→ TASK OBJECTIVE: Print the full set of records below, character for character and picture-free.

→ INFORMATION GIVEN:
──────────────────────────────

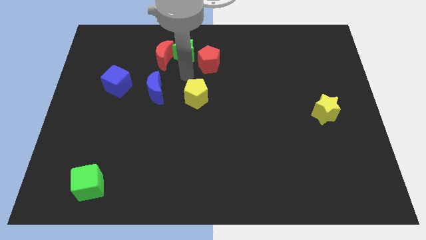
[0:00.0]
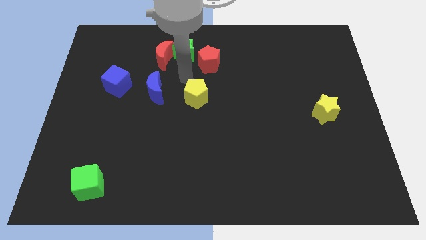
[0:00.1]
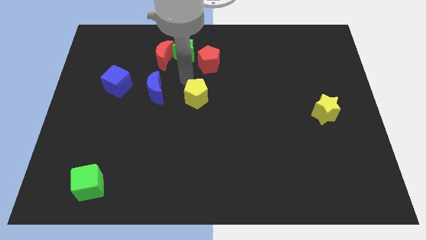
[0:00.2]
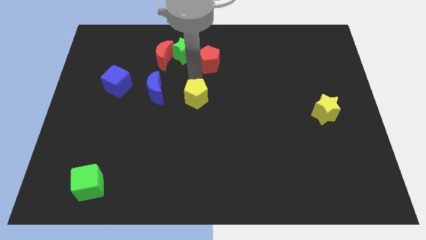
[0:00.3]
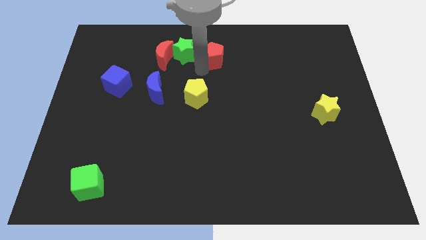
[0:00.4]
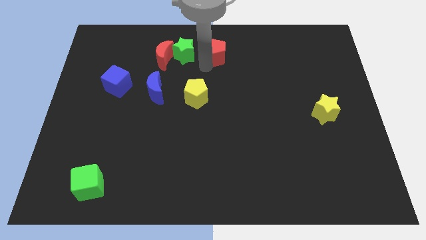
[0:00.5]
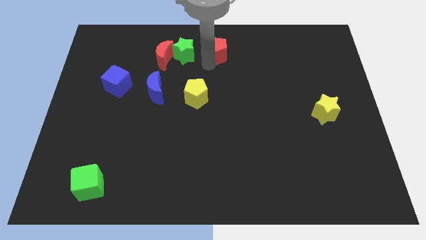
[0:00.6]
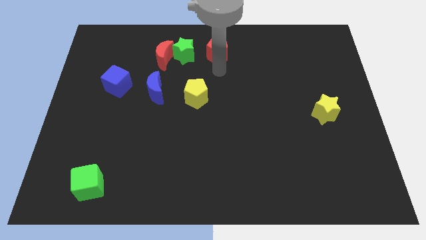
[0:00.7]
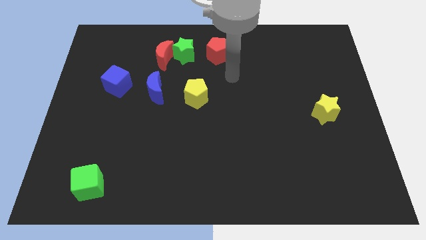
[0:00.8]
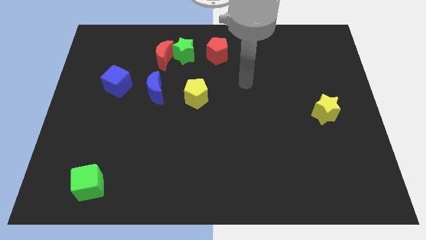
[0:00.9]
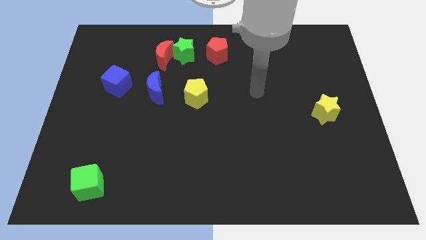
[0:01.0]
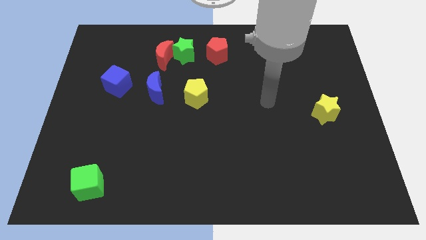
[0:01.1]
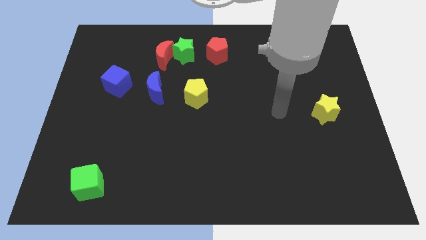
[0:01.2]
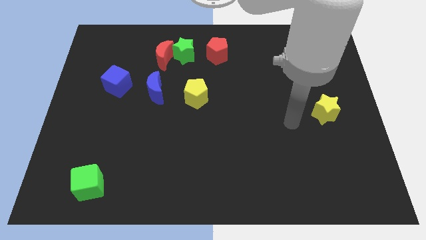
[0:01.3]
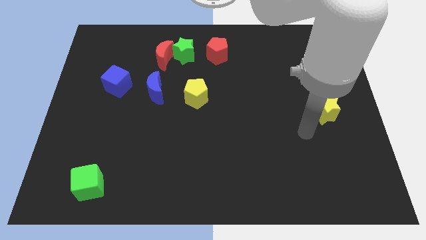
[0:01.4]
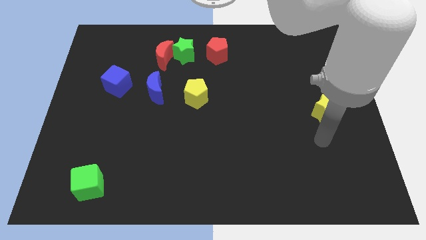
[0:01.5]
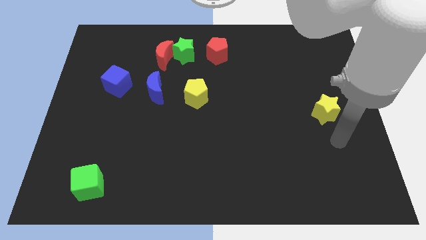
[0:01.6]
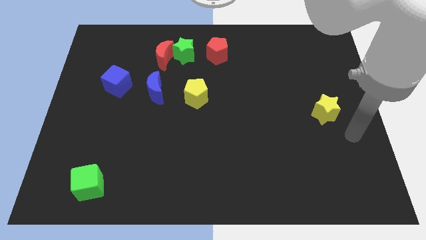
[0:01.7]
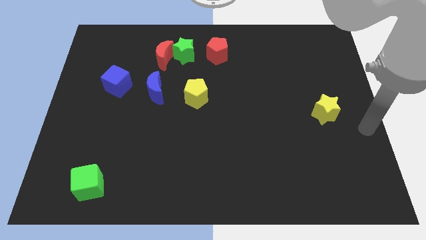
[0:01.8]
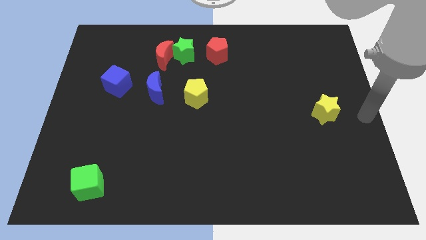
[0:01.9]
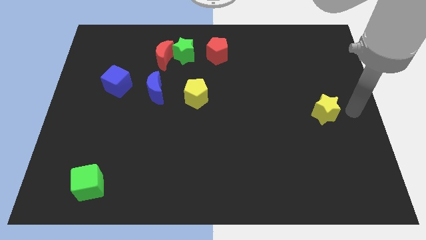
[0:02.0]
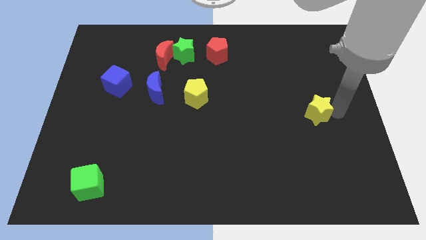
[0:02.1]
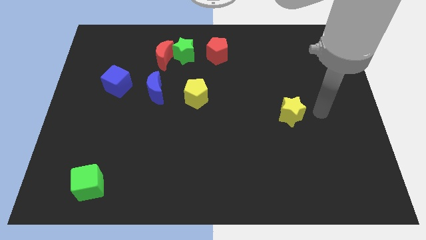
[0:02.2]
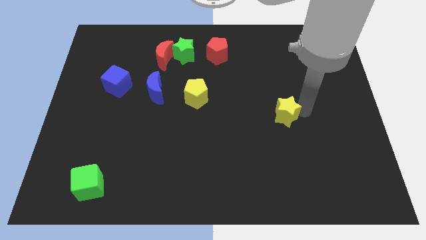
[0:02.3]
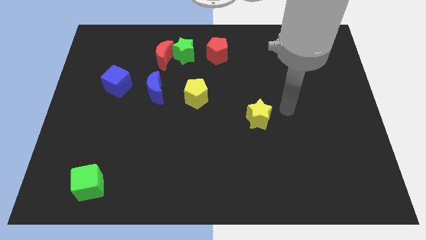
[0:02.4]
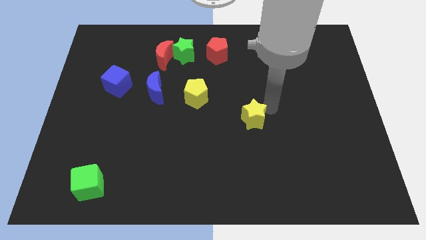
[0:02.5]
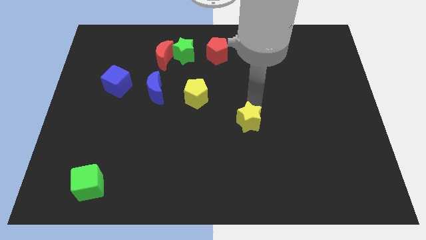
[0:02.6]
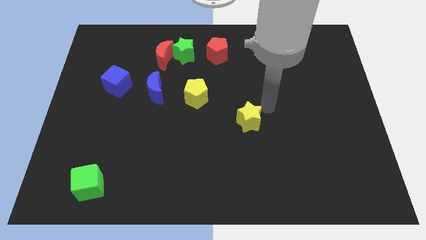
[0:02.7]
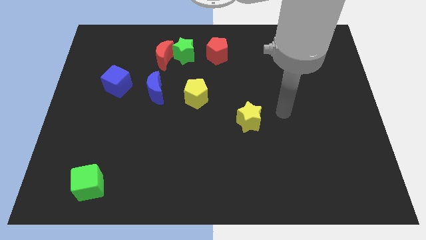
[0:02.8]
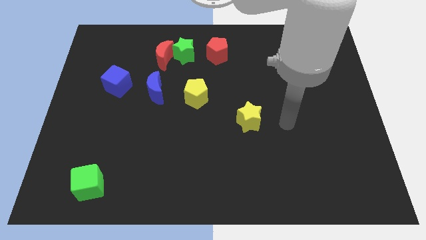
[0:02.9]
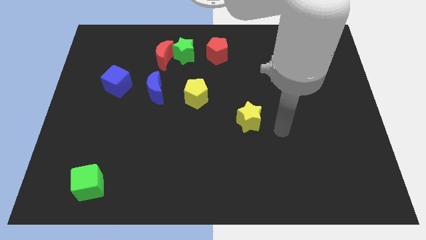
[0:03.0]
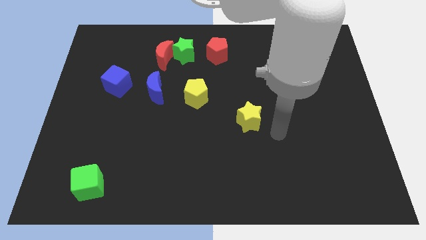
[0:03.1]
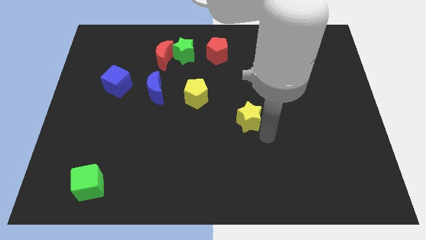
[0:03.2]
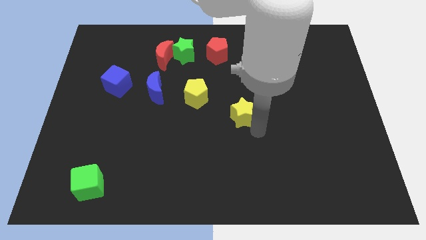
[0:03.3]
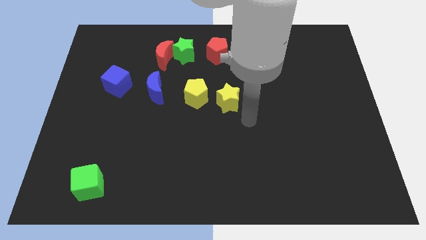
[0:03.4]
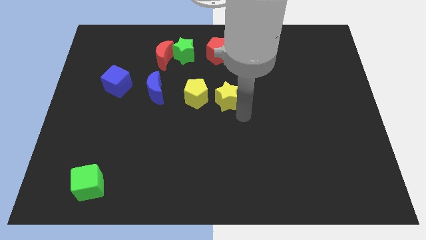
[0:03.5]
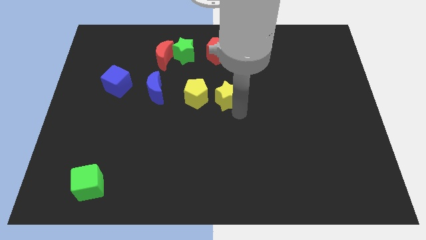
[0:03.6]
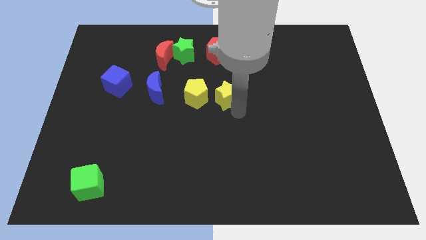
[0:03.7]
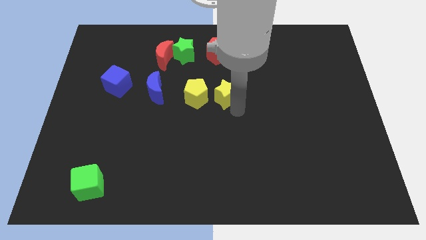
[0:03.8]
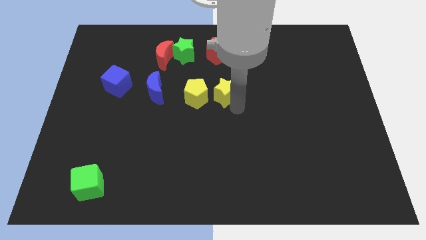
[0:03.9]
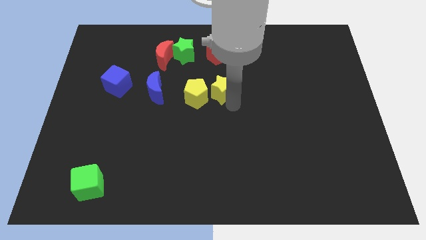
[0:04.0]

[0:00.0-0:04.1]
place the yellow star close to the right of the yellow pentagon

──────────────────────────────

→ FINISHED EXERCISE:
[0:00.0]
[0:00.1]
[0:00.2]
[0:00.3]
[0:00.4]
[0:00.5]
[0:00.6]
[0:00.7]
[0:00.8]
[0:00.9]
[0:01.0]
[0:01.1]
[0:01.2]
[0:01.3]
[0:01.4]
[0:01.5]
[0:01.6]
[0:01.7]
[0:01.8]
[0:01.9]
[0:02.0]
[0:02.1]
[0:02.2]
[0:02.3]
[0:02.4]
[0:02.5]
[0:02.6]
[0:02.7]
[0:02.8]
[0:02.9]
[0:03.0]
[0:03.1]
[0:03.2]
[0:03.3]
[0:03.4]
[0:03.5]
[0:03.6]
[0:03.7]
[0:03.8]
[0:03.9]
[0:04.0]

[0:00.0-0:04.1]
place the yellow star close to the right of the yellow pentagon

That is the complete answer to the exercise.